2. The RSV pre-F trimer protein combination according to claim 1, characterized in that, The amino acid sequence of the N-terminal furin restriction site is shown in SEQ ID NO.

4.

3. The RSV pre-F trimer protein combination according to claim 2, characterized in that, The C-terminal hydrophobic amino acid sequence is shown in SEQ ID NO.

5.

4. The use of the RSV pre-F trimer protein combination according to any one of claims 1 to 3 in the preparation of a bivalent RSV vaccine.

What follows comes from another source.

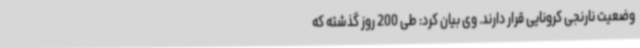
وضعیت نارنجی کرونایی قرار دارند. وی بیان کرد: طی 200 روز گذشته که

5. A bivalent RSV vaccine, characterized in that, It includes the RSV pre-F trimer protein combination as described in any one of claims 1 to 3.

6. The bivalent RSV vaccine according to claim 5, characterized in that, Each 0.5 mL dose of the bivalent RSV vaccine contains: 55-65 μg of pre-F trimer protein of RSV-A subtype; 55-65 μg of pre-F trimer protein of RSV-B subtype; aluminum adjuvant, in Al 3+ The dosage is 0.30~0.40mg.

7. The bivalent RSV vaccine according to claim 6, characterized in that, The bivalent RSV vaccine also contains NaCl, Tris-HCl, and Tween-80; the aluminum adjuvant includes aluminum hydroxide.